Gemiddelde schouderhoogte: reuen 71 cm, teven 66 cm. Gemiddeld gewicht: reuen
64-69 kg, teven 50-54 kg.
Benen
De voorbenen zijn volkomen recht en goed gespierd. De ellebogen zijn goed aanliggend en voldoende laag geplaatst. De achterhand is zeer goed geconstrueerd en krachtig. Slappe lendenen en koehakken zijn bijzonder ongewenst. Hubertusklauwen moeten worden verwijderd.
Voeten
Groot, voorzien van zwemvliezen en goed gevormd. Spreidtenen en naar buiten gedraaide voeten zijn zeer ongewenst.
Staart
Van middelmatige lengte. Reikt tot iets beneden de spronggewrichten. Behoorlijk dik, goed behaard, maar geen bevedering vormend. Als de hond staat, hangt de staart naar beneden met een flauwe bocht aan het eind. Als hij in beweging is, wordt de staart iets hoger gedragen. Als de hond opgewonden is, wordt de staart rechtuit gedragen, met slechts een geringe bocht aan het eind. Staarten met een knik of gekruld over de rug gedragen zijn zeer ongewenst.
Vacht
Dubbele vacht. Vlak en dicht, van een grove structuur en vettig, weerstand biedend aan het water. Tegen de draad in geborsteld valt het haar vanzelf weer op zijn plaats. De voorbenen zijn flink bevederd en de achterbenen licht bevederd. Het lichaam is flink behaard, maar de borstbeharing moet geen kraag vormen.
Kleur
De enige toegestane kleuren zijn zwart, bruin, of wit met zwarte aftekeningen.
Zwart: dof gitzwart, mag een zweem van bronskleur vormen; een plek wit
op borst, tenen en staartpunt is toegestaan.

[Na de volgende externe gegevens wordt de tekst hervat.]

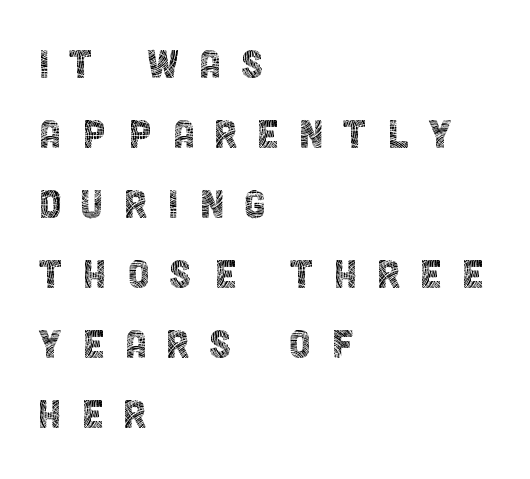
The image shows 49 px thin, condensed sans-serif type, upright; set left-aligned, normal line spacing (1.43x), unusually wide letter spacing (+0.41 em), not underlined; a large x-height.
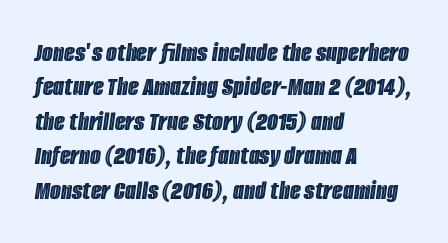
Q: Is the text italic (slanted)? A: Yes, it leans right by about 8 degrees.
Q: Is the text underlined? A: No.
Q: How is the paragraph aligned? A: Left-aligned.
Q: Is the spacing between letters normal or unusually wide? A: Normal.
Q: Width (condensed, normal, or wide)? A: Condensed.
Q: x-height? A: Large.
Q: Monospaced? A: No.
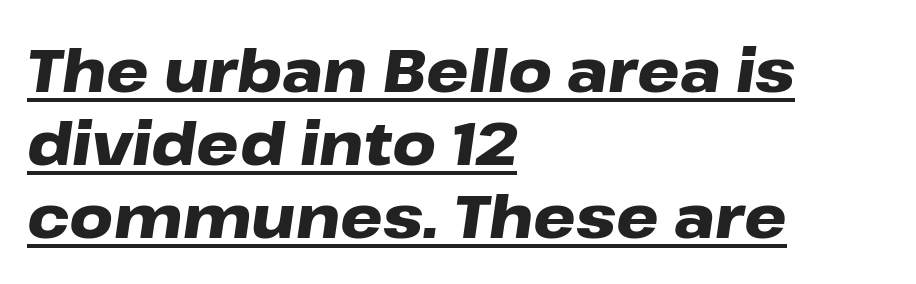
Look at the stroke-to-counter ratio: heavy, a bold. The compositor pushed each line to the left boundary. The letters advance in unequal steps, a hallmark of proportional type. A continuous stroke trails under the words, as in a hyperlink.
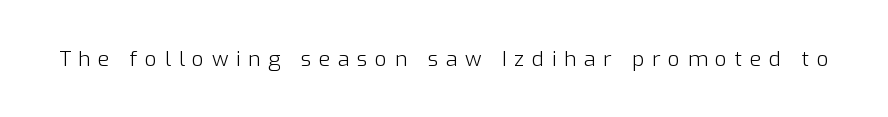
The image shows 21 px text type, upright; set unusually wide letter spacing (+0.36 em), not underlined.
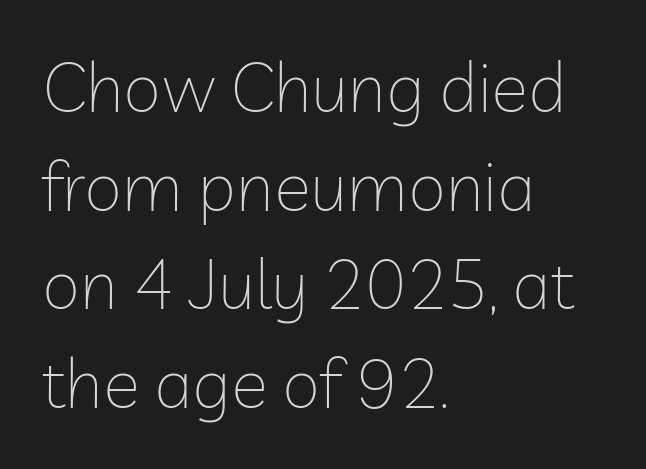
Q: Is the text bold? A: No.
Q: Is the text italic (slanted)? A: No, it is upright.
Q: Is the typeface a serif or a sans-serif typeface? A: Sans-serif.
Q: Is the text underlined? A: No.
Q: How is the paragraph aligned? A: Left-aligned.
Q: Is the spacing between letters normal or unusually wide? A: Normal.
Q: Is the spacing between lines tight, normal or loose? A: Normal.
Q: Width (condensed, normal, or wide)? A: Normal.
Q: Stroke contrast? A: Low.
Q: x-height? A: Medium.
Q: Monospaced? A: No.
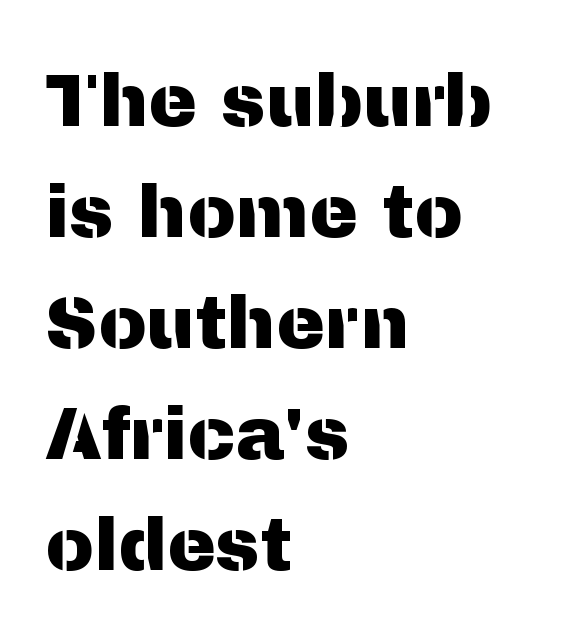
{"serif": "no", "italic": "no", "width": "normal", "stroke_contrast": "medium", "x_height": "medium", "monospaced": "no", "underline": "no", "align": "left", "line_spacing": "normal", "line_spacing_ratio": 1.52, "letter_spacing": "normal", "letter_spacing_em": 0.0, "glyph_px": 73}
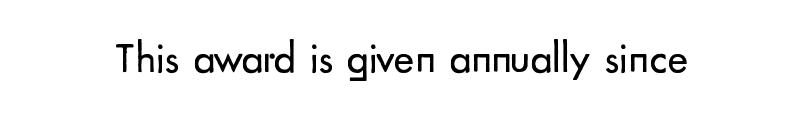
The image shows 44 px regular-weight sans-serif type, upright; set normal letter spacing, not underlined; low stroke contrast and a small x-height.
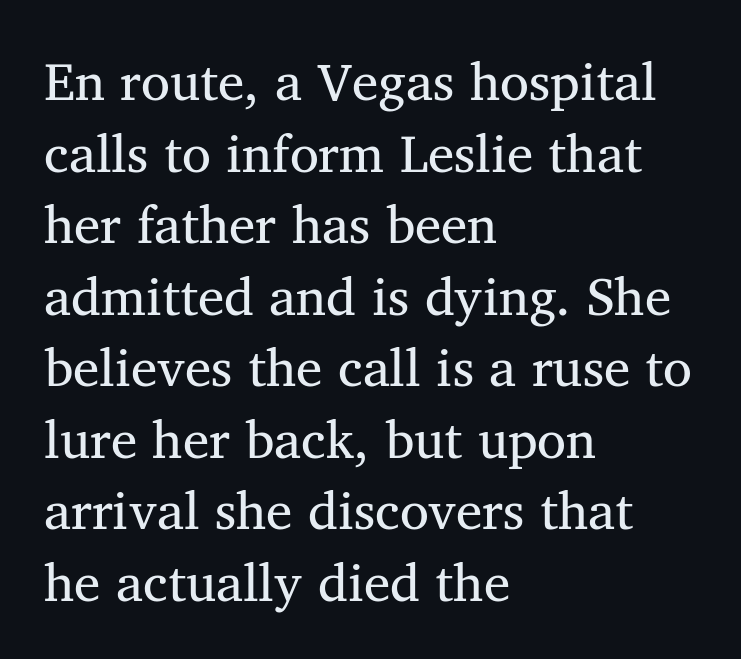
The typeface has the unassuming heft of standard copy or less. This rendering uses left alignment, leaving the right contour irregular. Is the letter spacing exaggerated? No — it looks like the ordinary default. The designer left line spacing at the default. Plain, unruled lines of type.
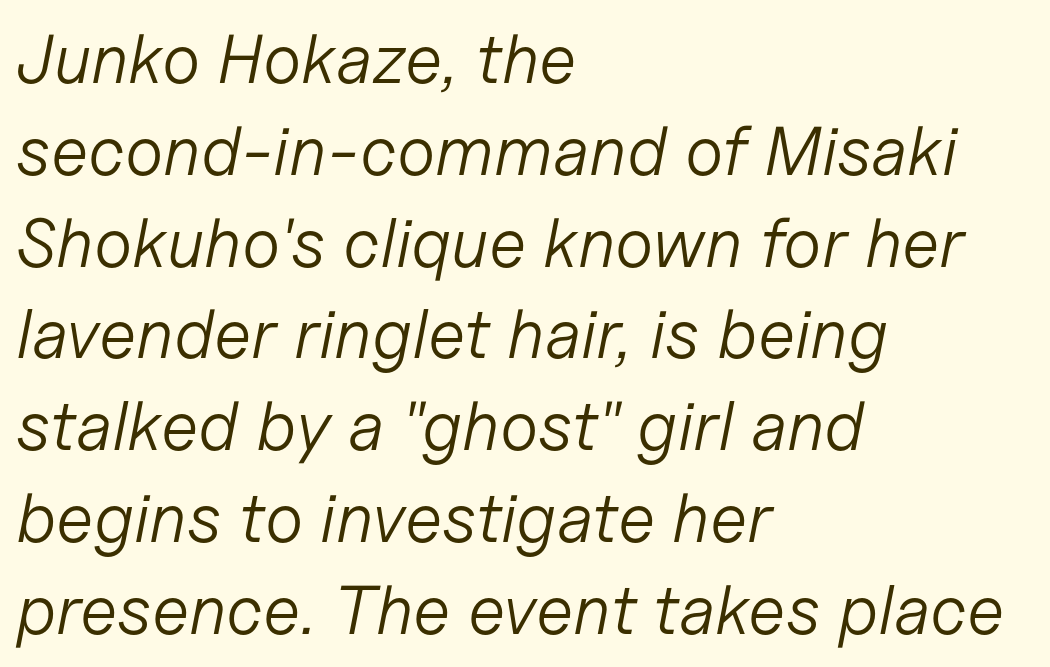
The image shows 69 px light type, italic (leaning right); set left-aligned, normal line spacing (1.33x), normal letter spacing, not underlined; low stroke contrast and a medium x-height.
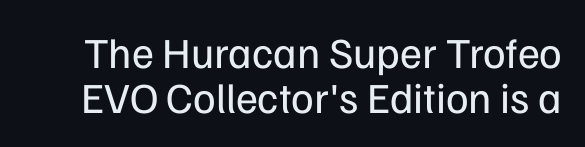
{"serif": "no", "italic": "no", "bold": "no", "weight": "regular", "width": "normal", "stroke_contrast": "low", "x_height": "medium", "monospaced": "no", "underline": "no", "line_spacing": "tight", "line_spacing_ratio": 1.05, "letter_spacing": "normal", "letter_spacing_em": 0.0, "glyph_px": 43}
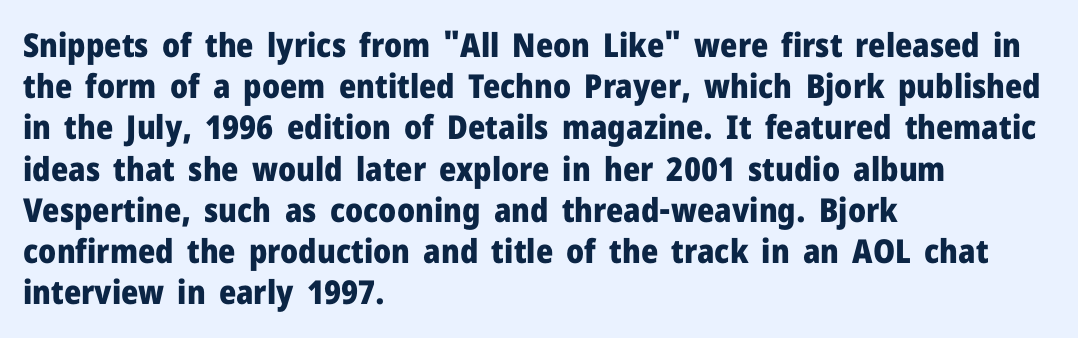
Q: Is the text bold? A: Yes.
Q: Is the text italic (slanted)? A: No, it is upright.
Q: Is the typeface a serif or a sans-serif typeface? A: Sans-serif.
Q: Is the text underlined? A: No.
Q: How is the paragraph aligned? A: Left-aligned.
Q: Is the spacing between letters normal or unusually wide? A: Normal.
Q: Is the spacing between lines tight, normal or loose? A: Normal.
Q: Width (condensed, normal, or wide)? A: Normal.
Q: Stroke contrast? A: Low.
Q: x-height? A: Medium.
Q: Monospaced? A: No.
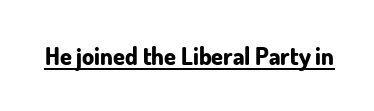
Q: Is the text bold? A: Yes.
Q: Is the text italic (slanted)? A: No, it is upright.
Q: Is the text underlined? A: Yes.
Q: Is the spacing between letters normal or unusually wide? A: Normal.
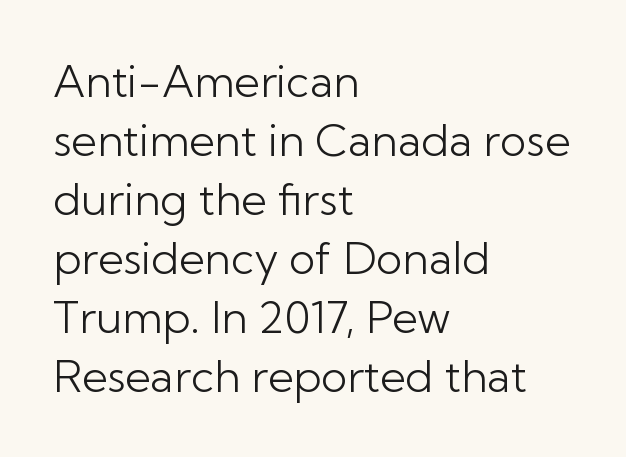
{"serif": "no", "italic": "no", "bold": "no", "weight": "light", "width": "normal", "stroke_contrast": "low", "x_height": "medium", "monospaced": "no", "underline": "no", "align": "left", "line_spacing": "normal", "line_spacing_ratio": 1.34, "letter_spacing": "normal", "letter_spacing_em": 0.0, "glyph_px": 44}
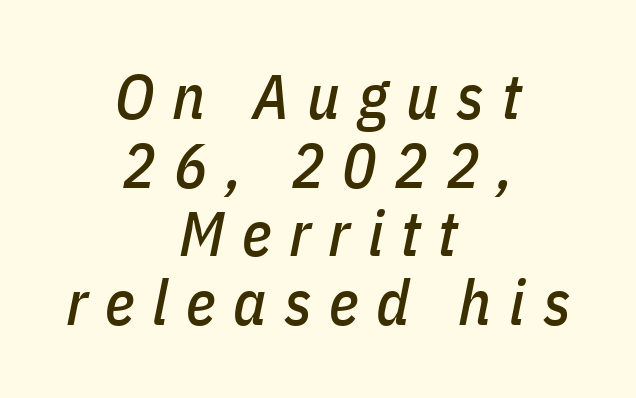
{"italic": "yes", "lean": "right", "slant_degrees": 11, "width": "condensed", "stroke_contrast": "low", "x_height": "medium", "monospaced": "no", "underline": "no", "align": "center", "line_spacing": "tight", "line_spacing_ratio": 1.09, "letter_spacing": "wide", "letter_spacing_em": 0.28, "glyph_px": 63}
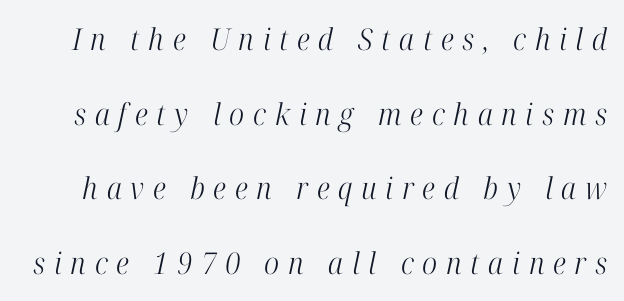
The image shows 30 px light, condensed serif type, italic (leaning right); set loose line spacing (2.49x), unusually wide letter spacing (+0.29 em), not underlined; high stroke contrast and a medium x-height.
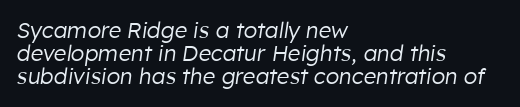
The image shows 22 px text type, italic (leaning right); set left-aligned, tight line spacing (1.05x), normal letter spacing, not underlined.
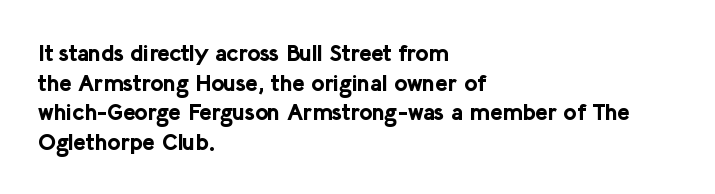
Is there any slant? The stems are plumb. Nothing unusual about the tracking: characters are spaced as the font intends. These words are printed bold, with thick strokes throughout. Evenly set lines give the paragraph a standard silhouette.
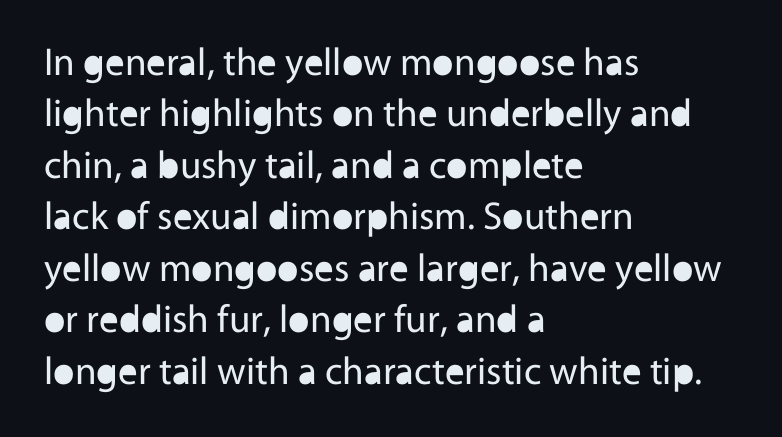
Q: Is the text bold? A: No.
Q: Is the text italic (slanted)? A: No, it is upright.
Q: Is the typeface a serif or a sans-serif typeface? A: Sans-serif.
Q: Is the text underlined? A: No.
Q: How is the paragraph aligned? A: Left-aligned.
Q: Is the spacing between letters normal or unusually wide? A: Normal.
Q: Is the spacing between lines tight, normal or loose? A: Normal.
Q: Width (condensed, normal, or wide)? A: Normal.
Q: x-height? A: Medium.
Q: Monospaced? A: No.
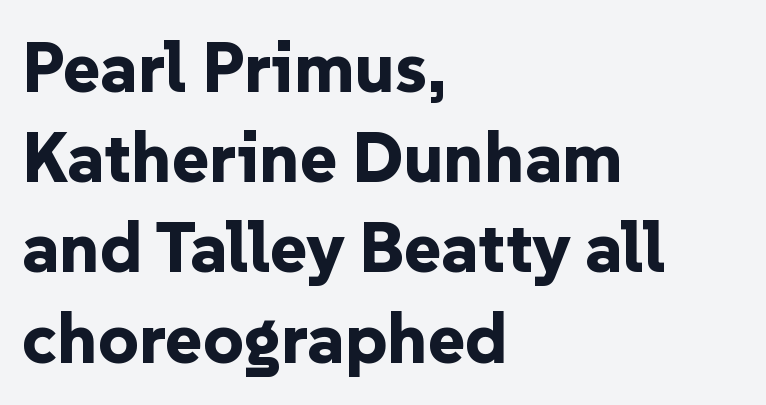
Nobody touched the tracking dial on this one. The axis of the letterforms is exactly vertical. Line starts are locked; line ends wander. Typographic density is high because the face is bold. The designer left line spacing at the default.

Bruin: kan chocoladebruin of bronskleur zijn; moet in elk ander opzicht
zijn als zwart, behalve voor wat de kleur betreft; een plek wit op borst, tenen
en staartpunt is toegestaan.
Wit met uitsluitend zwarte aftekeningen (Landseer): bij voorkeur een
zwart hoofd met een smalle bles, regelmatig afgetekend zadel, zwarte romp tot
aan de staart; op schoonheid van de aftekening dient in hoge mate te worden
gelet; spikkels zijn ongewenst.
Bijzonderheden
Kenmerkende eigenschappen: grote trekhond en waterhond, met een natuurlijk
instinct voor het redden van drenkelingen; een toegewijd metgezel; buitengewoon
zachtmoedig en volgzaam van aard.
Gangen: ruim, enigszins rollend gangwerk; in beweging is een lichte mate
van toontreden in het front aanvaardbaar.
Fouten: elke afwijking van de voorgaande punten moet als een fout worden
aangemerkt; de beoordeling van de ernst van de fout moet in verhouding staan
tot de mate waarin de fout zich voordoet.
Opmerking: reuen moeten twee duidelijk normale testikels hebben, die
volledig in het scrotum zijn ingedaald.